With the development of the Python-based toolbox for the Copernicus Climate Data Store (CDS) and the new Python interface to Metview, ECMWF is stepping up its efforts to provide processing and visualisation options in the Python programming language. Building a Python framework is challenging. ECMWF is therefore looking to benefit as much as possible from activities in the wider Python community.
To engage with the community, ECMWF hosted a ‘Workshop on developing Python frameworks for Earth system sciences’ on 28 and 29 November 2017. The aim was to bring together key actors from the Python community who develop packages for Earth system sciences. The workshop was a great success as many participants had not met before and could for the first time exchange experiences. The event was split evenly between presentations and working groups. The presentations showed the different functionalities provided by the packages and offered insights into the challenges involved in their development and distribution. Packages represented at the workshop included MetPy, IRIS, MET, Pytroll, MetWork, EPyGrAM, CliMAF, ESMValTool and the Community Intercomparison Suite. For ECMWF, it was a chance to show first results of the work on the CDS toolbox and Metview’s new Python interface.

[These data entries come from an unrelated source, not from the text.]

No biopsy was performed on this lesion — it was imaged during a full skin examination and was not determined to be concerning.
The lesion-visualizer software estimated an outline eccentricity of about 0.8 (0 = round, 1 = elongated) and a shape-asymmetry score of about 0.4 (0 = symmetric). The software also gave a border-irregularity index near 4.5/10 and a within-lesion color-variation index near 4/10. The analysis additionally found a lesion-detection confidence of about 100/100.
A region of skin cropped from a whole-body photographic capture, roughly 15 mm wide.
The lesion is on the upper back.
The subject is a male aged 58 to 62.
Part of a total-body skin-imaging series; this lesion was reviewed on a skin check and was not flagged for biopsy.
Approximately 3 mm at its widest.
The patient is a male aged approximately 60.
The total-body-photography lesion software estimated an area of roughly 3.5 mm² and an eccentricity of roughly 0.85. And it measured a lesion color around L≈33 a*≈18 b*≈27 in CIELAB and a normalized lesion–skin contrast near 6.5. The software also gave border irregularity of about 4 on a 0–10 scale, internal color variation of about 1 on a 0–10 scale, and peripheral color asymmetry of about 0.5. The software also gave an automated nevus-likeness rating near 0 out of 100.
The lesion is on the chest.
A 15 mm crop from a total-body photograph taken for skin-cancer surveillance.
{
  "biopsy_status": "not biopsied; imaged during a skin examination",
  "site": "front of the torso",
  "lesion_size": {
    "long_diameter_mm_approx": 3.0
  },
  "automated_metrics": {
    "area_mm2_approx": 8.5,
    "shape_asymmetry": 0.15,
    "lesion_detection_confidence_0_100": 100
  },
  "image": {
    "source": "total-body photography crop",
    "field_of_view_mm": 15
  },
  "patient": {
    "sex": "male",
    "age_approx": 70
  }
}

Presentations about the xarray package and Cray’s plans regarding Python and containers helped to frame these developments in the context of the wider community.

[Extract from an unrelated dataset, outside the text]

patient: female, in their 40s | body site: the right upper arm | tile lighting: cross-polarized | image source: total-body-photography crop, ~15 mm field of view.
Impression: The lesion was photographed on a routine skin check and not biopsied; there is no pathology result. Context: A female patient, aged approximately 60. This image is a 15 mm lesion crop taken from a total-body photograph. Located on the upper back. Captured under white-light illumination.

Three working groups were set up to discuss the various challenges and how we as a community can work together better. Each group tackled a different aspect:
- Deploying and packaging Python frameworks
- Handling Big Data in Python
- (Code) Interoperability and common data structures
The discussions focused on the challenge of enabling better interoperability between the various frameworks represented at the workshop. Some of the main points made were that:
- There needs to be a good mapping of metadata between data formats, especially between GRIB and NetCDF. This is because interoperability between packages relies on the handling of data, and metadata plays a crucial role in giving meaning to the data. It was noted that various attempts have been made to solve these problems.

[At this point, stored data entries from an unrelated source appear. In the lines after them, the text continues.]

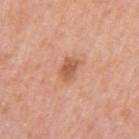Recorded during total-body skin imaging; not selected for excision or biopsy.
A female subject aged 38–42.
An algorithmic analysis of the crop reported an eccentricity of roughly 0.7 and a shape-asymmetry score of about 0.25 (0 = symmetric). The software also gave a mean CIELAB color near L≈58 a*≈25 b*≈34, about 11 CIELAB-L* units darker than the surrounding skin, and a normalized border contrast of about 7. It also reported a nevus-likeness score of about 60/100 and a lesion-detection confidence of about 100/100.
A roughly 15 mm field-of-view crop from a total-body skin photograph.
This is a white-light tile.
The lesion is located on the left upper arm.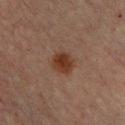Imaged during a routine full-body skin examination; the lesion was not biopsied and no histopathology is available.
The subject is a male aged around 60.
This is a cross-polarized tile.
A 15 mm close-up extracted from a 3D total-body photography capture.
Located on the chest.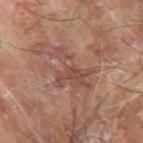Part of a total-body skin-imaging series; this lesion was reviewed on a skin check and was not flagged for biopsy. A male patient, aged approximately 65. Located on the arm. Cropped from a whole-body photographic skin survey; the tile spans about 15 mm.

- It is essential to make as much use as possible of core Python packages, such as NumPy, Pandas, xarray and Dask. This will automatically reduce incompatibilities between packages.
- ECMWF needs to support efforts to engage with the Python community and explain its community’s needs, for example by participating in a Python-for-Earth-system-sciences session at the annual European Conference on Python in Science.
Everyone was encouraged to contribute to the core packages to improve them instead of implementing new solutions. Participants stressed that it is also important to pick the right tool for the job, ideally one with good community support. The various attempts to implement units for Python packages are an example. By supporting one implementation (with NumPy/xarray), interoperability will be easier. Similarly, interoperability can be achieved if all packages use Dask as their main choice for distributed computation. Here the community could work together to achieve an automatic chunking of data when data are read from NetCDF or GRIB.
There was a strong message on community-led developments and distribution. All packages presented were Open Source, but it was pointed out that putting projects up on GitHub also allows Open Development, which is the first step towards building a community. The UK Met Office has worked on providing conda-forge, a community-driven repository of Python packages for the conda package manager. Using services like this enables developers to automate most of their software release work. Some participants reported that these repositories were not only popular with single users installing Python packages but also very suitable for operational environments.